(SUPPLIED INFORMATION)
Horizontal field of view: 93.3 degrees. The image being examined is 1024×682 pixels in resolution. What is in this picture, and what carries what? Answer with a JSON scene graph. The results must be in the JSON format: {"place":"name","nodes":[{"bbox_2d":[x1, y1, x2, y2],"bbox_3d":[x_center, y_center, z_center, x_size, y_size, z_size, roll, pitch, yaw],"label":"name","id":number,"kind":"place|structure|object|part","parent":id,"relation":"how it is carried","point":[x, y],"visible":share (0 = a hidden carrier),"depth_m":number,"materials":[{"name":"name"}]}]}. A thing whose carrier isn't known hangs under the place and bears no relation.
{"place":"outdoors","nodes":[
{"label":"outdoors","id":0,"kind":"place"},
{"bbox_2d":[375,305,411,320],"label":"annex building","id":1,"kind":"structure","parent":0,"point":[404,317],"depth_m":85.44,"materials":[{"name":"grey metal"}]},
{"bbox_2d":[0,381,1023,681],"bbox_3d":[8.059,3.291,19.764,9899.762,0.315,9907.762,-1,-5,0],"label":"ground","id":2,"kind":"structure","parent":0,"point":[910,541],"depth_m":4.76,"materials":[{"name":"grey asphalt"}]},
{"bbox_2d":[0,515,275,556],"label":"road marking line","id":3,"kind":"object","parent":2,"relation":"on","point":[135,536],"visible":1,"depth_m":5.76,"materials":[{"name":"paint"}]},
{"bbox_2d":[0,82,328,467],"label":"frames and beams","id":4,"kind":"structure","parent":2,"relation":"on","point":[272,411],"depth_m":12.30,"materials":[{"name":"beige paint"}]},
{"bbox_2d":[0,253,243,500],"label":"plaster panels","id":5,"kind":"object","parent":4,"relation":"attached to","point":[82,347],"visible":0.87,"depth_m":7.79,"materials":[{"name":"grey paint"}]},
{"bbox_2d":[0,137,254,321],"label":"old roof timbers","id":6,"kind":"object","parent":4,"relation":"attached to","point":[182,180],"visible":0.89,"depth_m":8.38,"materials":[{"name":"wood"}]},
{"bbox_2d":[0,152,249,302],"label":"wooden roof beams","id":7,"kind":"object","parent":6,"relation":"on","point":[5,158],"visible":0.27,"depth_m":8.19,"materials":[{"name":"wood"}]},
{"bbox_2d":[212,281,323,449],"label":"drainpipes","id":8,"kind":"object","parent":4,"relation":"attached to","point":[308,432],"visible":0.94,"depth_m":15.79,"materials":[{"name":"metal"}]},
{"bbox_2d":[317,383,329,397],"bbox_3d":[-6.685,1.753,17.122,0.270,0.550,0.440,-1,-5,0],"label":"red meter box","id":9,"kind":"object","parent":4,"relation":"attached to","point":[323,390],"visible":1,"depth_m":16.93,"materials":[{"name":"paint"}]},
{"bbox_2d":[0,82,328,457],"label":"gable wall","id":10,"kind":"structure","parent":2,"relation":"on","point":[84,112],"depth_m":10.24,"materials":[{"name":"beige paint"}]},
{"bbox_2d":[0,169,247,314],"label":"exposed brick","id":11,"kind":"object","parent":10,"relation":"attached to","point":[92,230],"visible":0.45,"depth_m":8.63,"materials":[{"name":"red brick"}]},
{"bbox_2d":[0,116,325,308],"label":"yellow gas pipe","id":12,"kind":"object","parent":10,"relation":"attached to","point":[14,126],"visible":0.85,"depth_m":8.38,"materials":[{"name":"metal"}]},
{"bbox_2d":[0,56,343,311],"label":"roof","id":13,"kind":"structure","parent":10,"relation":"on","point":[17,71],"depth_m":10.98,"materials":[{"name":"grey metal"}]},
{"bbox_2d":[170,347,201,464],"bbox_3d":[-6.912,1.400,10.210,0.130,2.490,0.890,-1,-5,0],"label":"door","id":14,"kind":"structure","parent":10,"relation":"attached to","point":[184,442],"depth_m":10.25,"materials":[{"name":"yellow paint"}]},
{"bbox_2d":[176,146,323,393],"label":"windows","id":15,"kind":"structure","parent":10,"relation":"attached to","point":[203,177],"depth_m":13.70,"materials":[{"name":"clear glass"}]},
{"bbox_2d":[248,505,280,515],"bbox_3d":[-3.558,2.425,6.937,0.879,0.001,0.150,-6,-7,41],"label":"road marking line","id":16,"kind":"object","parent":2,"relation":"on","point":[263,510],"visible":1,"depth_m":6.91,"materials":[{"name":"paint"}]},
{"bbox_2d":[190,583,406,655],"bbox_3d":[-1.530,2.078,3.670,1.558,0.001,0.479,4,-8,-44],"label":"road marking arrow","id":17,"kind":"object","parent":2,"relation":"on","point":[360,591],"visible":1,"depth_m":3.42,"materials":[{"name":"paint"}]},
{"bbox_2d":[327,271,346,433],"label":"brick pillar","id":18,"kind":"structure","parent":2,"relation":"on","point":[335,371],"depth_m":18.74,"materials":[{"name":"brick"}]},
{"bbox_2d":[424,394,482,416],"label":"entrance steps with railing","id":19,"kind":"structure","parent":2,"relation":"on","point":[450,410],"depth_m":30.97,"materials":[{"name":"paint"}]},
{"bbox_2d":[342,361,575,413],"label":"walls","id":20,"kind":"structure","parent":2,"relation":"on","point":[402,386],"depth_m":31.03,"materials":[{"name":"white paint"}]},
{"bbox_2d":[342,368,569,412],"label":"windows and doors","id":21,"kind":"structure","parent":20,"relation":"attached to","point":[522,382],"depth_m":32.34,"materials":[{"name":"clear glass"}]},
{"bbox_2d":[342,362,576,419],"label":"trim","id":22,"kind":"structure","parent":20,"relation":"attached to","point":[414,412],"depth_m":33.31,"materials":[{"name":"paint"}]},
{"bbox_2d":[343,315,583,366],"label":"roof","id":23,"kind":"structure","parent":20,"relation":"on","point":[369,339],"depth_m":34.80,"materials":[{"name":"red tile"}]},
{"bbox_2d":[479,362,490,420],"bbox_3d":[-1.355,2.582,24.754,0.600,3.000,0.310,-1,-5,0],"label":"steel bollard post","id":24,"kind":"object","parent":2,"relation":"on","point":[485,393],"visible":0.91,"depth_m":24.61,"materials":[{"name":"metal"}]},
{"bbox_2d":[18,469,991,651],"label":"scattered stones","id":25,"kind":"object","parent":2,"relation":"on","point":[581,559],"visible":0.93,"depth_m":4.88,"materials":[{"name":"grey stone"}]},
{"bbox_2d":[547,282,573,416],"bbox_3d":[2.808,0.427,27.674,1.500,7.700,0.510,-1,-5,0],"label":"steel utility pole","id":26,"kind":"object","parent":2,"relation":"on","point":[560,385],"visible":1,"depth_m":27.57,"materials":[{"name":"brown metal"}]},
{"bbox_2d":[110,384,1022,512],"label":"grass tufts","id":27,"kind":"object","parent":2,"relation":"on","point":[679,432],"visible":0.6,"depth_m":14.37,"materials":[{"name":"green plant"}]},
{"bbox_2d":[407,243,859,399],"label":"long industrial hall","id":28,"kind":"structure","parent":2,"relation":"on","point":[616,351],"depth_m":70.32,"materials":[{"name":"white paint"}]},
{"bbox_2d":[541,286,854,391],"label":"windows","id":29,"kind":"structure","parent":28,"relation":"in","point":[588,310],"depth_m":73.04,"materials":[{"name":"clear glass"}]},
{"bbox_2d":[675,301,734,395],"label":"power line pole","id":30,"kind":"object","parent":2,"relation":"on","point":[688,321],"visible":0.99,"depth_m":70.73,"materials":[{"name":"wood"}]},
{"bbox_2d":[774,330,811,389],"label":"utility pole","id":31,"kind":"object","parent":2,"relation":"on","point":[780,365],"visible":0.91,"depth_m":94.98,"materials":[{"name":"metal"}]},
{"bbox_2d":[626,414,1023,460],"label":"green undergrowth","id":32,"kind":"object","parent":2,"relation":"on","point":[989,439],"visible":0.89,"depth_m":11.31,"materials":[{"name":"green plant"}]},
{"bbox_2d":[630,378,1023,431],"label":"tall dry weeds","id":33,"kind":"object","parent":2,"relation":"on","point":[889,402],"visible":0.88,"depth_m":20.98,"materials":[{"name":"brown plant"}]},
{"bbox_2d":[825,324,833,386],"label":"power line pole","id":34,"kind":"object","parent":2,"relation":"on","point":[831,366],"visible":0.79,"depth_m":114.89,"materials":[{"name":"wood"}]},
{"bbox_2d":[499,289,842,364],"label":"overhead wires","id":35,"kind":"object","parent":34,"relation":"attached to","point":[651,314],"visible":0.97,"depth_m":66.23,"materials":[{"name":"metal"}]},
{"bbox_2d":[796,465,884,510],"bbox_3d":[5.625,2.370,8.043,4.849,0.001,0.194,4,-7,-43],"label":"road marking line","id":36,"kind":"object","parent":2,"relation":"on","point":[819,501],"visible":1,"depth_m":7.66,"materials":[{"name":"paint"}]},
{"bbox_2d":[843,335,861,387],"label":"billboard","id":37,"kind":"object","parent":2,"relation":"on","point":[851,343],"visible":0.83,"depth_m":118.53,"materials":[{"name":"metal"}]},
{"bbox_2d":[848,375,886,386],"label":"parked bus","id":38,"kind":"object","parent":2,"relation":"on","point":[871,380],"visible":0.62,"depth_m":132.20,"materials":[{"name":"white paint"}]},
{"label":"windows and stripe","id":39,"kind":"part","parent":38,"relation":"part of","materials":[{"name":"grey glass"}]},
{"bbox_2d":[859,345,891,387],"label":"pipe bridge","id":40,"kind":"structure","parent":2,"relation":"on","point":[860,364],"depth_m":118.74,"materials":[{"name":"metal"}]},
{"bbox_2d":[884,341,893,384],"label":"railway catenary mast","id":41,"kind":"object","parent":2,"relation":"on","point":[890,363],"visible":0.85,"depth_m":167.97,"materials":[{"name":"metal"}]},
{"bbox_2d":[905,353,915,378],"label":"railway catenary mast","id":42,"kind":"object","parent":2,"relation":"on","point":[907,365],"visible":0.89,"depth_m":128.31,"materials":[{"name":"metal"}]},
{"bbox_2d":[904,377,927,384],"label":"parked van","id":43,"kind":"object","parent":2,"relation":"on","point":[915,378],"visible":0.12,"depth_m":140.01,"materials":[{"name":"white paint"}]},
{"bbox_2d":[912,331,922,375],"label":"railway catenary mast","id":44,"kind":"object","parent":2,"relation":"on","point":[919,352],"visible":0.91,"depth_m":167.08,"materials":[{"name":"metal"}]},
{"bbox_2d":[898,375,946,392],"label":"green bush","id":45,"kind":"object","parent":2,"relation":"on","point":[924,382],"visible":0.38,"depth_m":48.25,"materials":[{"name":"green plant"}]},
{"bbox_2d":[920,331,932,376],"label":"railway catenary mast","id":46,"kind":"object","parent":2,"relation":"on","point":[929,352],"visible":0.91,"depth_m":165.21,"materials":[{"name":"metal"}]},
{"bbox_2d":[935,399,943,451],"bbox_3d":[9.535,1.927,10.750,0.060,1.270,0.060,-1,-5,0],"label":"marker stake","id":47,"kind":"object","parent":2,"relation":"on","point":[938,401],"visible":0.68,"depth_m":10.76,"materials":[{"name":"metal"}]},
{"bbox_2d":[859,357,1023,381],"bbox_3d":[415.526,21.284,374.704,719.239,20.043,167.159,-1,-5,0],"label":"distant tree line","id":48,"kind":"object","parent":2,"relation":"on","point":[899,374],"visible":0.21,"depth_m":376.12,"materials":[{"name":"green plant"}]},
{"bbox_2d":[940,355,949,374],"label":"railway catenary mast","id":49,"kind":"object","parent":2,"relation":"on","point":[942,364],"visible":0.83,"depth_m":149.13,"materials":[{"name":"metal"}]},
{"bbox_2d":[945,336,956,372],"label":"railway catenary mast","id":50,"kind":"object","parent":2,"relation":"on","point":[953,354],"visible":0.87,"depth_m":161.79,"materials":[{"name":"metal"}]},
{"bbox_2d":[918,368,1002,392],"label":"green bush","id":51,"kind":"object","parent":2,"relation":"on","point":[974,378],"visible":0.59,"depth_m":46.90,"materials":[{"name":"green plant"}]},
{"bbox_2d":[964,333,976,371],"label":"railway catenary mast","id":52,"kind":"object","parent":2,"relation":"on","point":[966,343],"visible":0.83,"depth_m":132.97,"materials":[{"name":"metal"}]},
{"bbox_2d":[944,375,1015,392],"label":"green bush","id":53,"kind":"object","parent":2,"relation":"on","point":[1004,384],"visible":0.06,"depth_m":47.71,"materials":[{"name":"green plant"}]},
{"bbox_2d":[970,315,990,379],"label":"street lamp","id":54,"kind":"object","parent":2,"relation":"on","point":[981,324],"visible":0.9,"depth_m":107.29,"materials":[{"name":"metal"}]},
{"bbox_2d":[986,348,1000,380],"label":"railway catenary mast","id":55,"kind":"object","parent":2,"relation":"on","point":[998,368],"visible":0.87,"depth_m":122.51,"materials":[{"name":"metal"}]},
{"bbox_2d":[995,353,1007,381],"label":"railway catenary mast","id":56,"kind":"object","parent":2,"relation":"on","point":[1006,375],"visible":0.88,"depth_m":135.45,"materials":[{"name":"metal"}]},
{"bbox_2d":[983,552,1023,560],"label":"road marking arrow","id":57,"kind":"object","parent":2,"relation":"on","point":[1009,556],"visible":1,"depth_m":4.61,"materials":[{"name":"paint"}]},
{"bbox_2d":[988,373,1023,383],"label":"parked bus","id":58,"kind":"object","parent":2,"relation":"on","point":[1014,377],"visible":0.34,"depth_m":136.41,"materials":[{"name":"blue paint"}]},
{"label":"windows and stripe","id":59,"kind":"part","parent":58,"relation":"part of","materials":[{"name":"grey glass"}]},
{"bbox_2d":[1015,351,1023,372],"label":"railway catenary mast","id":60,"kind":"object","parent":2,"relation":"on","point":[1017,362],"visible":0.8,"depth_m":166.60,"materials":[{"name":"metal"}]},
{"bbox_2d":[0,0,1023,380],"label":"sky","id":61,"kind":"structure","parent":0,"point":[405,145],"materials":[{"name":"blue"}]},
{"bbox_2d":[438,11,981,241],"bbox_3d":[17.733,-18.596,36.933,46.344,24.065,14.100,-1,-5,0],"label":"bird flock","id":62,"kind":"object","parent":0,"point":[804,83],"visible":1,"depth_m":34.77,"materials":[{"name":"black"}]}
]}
(End SUPPLIED INFORMATION)
ASSIGNMENT
How many lines in the entries above include the string "arrow"? Answer with the number only.

ANSWER TO THIS EXERCISE
2